Therefore, as the method of modulating the electron-emitting device according to the input signal, the voltage modulation method, the pulse width modulation method or the like can be adopted. When implementing the voltage modulation method, a circuit of a voltage modulation method that generates a voltage pulse of a fixed length and modulates the peak value of the pulse appropriately according to input data is used as the modulation signal generator 107. be able to.

When implementing the pulse width modulation method,
As the modulation signal generator 107, it is possible to use a circuit of a pulse width modulation system that generates a voltage pulse having a constant crest value and appropriately modulates the width of the voltage pulse according to input data.

The shift register 104 and the line memory 10
5 can be a digital signal type or an analog signal type. This is because the serial / parallel conversion and storage of the image signal may be performed at a predetermined speed.

When the digital signal type is used, it is necessary to convert the output signal DATA of the sync signal separation circuit 106 into a digital signal, which may be provided with an A / D converter at the output section of 106. In connection with this, the line memory 105
The circuit used for the modulation signal generator 107 is slightly different depending on whether the output signal of is a digital signal or an analog signal. That is, in the case of the voltage modulation method using a digital signal, for example, a D / A conversion circuit is used as the modulation signal generator 107, and an amplification circuit and the like are added as necessary. In the case of the pulse width modulation method, the modulation signal generator 107 includes, for example, a high-speed oscillator and a counter that counts the number of waves output from the oscillator, and a comparison that compares the output value of the counter with the output value of the memory. Use a circuit that combines a device (comparator). If necessary, an amplifier for amplifying the pulse-width-modulated modulation signal output from the comparator up to the drive voltage of the surface-electron-type electron-emitting device can be added.

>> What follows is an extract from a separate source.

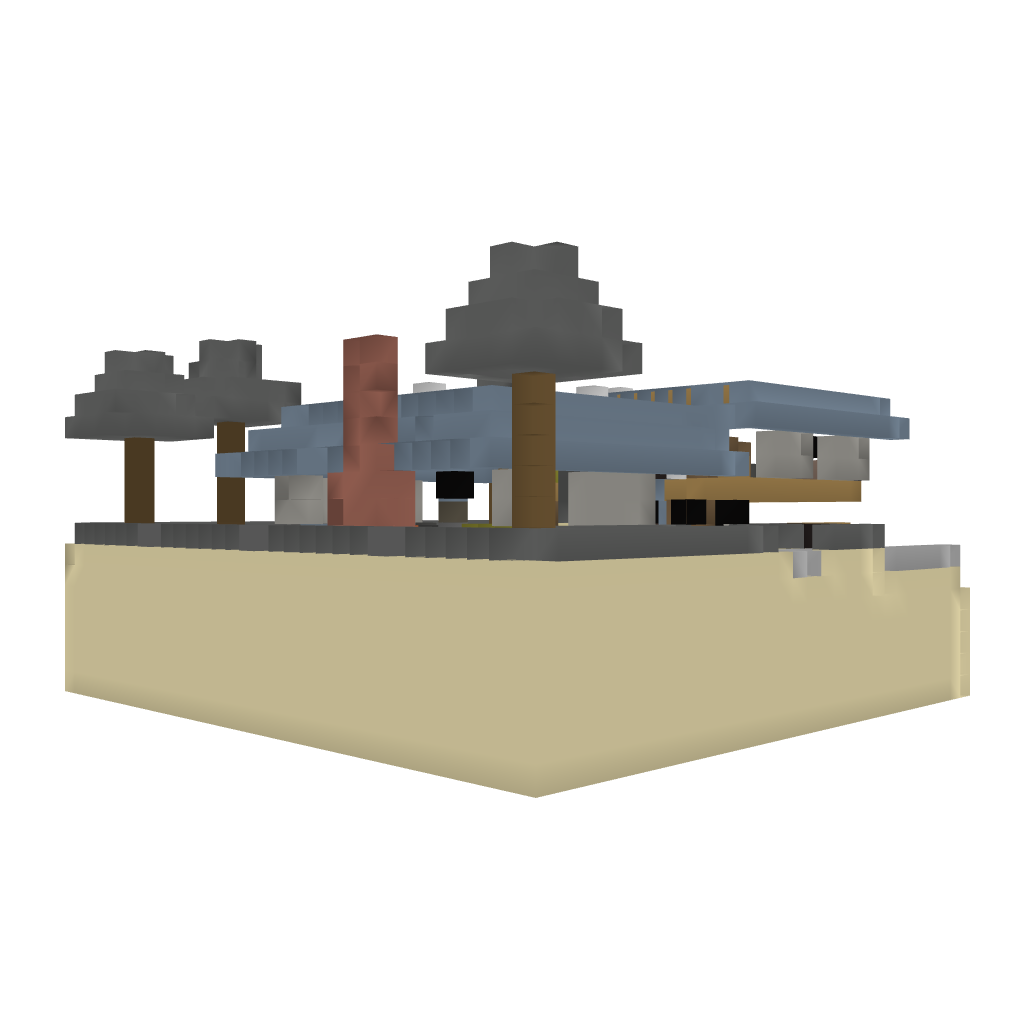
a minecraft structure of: The Sonoran by BrightPROPERTIES

In the case of the voltage modulation method using an analog signal, the modulation signal generator 107 may be an amplifier circuit using an operational amplifier, for example, and a level shift circuit or the like may be added if necessary. In the case of the pulse width modulation method, for example, a voltage controlled oscillation circuit (VCO) can be adopted, and an amplifier for voltage amplification up to the drive voltage of the surface conduction electron-emitting device can be added if necessary.

In the image display apparatus to which the present invention having such a structure can be applied, the external terminals Dox1 to Doxm, Doy1 to Doy are connected to the respective electron-emitting devices.
By applying a voltage through n, electron emission occurs. A high voltage is applied to the metal back 85 or the transparent electrode (not shown) via the high voltage terminal Hv to accelerate the electron beam. The accelerated electrons collide with the fluorescent film 84 and emit light to form an image.

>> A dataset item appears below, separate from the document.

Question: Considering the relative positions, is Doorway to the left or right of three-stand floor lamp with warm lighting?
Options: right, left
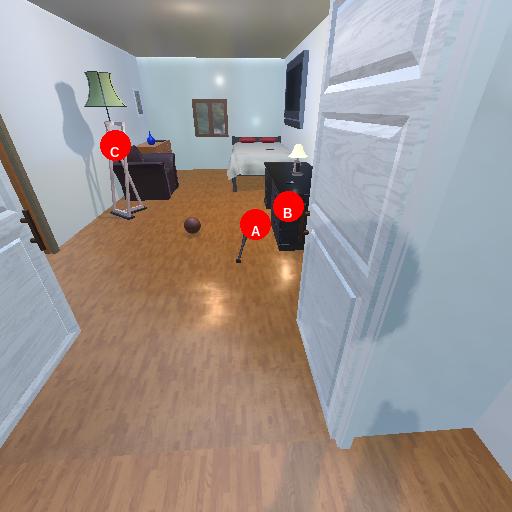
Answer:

The configuration of the image forming apparatus described here is an example of the image forming apparatus to which the present invention can be applied, and various modifications can be made based on the technical idea of the present invention. As for the input signal, the NTSC system is mentioned, but the input signal is not limited to this, and other than the PAL, SECAM system and the like, a TV signal including a larger number of scanning lines (for example, the MUSE system is also included). High-definition TV) system can be adopted.

Next, a ladder type electron source and an image forming apparatus will be described with reference to FIGS. 11 and 12.

FIG. 11 is a schematic diagram showing an example of a ladder-type electron source. In FIG. 11, reference numeral 110 denotes an electron source substrate, and 111 denotes an electron-emitting device. 112, Dx1 to D
x10 is a common wiring for connecting the electron-emitting device 111. The electron-emitting device 111 is provided on the substrate 110 with X
A plurality are arranged in parallel in the direction (this is called an element row). A plurality of the element rows are arranged to constitute an electron source. By applying a drive voltage between the common wires of each element row, each element row can be driven independently. That is,
For a device row that wants to emit an electron beam, a voltage equal to or higher than the electron emission threshold value is set.
A voltage below the electron emission threshold is applied. For the common wirings Dx2 to Dx9 between the element rows, for example, Dx2 and Dx3 may be the same wiring.

FIG. 12 is a schematic diagram showing an example of a panel structure in an image forming apparatus provided with a ladder-type electron source. 120 is a grid electrode, 121 is a hole through which electrons pass, 122 is Dox1, Dox2,.
m outside the container. 123 is the grid electrode 1
An external terminal of the container made of G1, G2, ... Gn connected to 20 is an electron source in which common wiring between each element row is the same wiring. In FIG. 12, the same portions as those shown in FIGS. 8 and 11 are denoted by the same reference numerals as those shown in these drawings. A major difference between the image forming apparatus shown here and the image forming apparatus having the simple matrix arrangement shown in FIG. 8 is whether or not the grid electrode 120 is provided between the electron source substrate 110 and the face plate 86.

In FIG. 12, a grid electrode 120 is provided between the substrate 110 and the face plate 86. The grid electrode 120 is for modulating the electron beam emitted from the surface conduction electron-emitting device,
In order to allow the electron beam to pass through the striped electrodes provided orthogonal to the ladder-shaped element rows, one circular hole 121 is provided for each element. The shape and installation position of the grid are not limited to those shown in FIG. For example, a large number of through holes may be provided in the form of a mesh as holes, and the grid may be provided around or near the surface conduction electron-emitting device.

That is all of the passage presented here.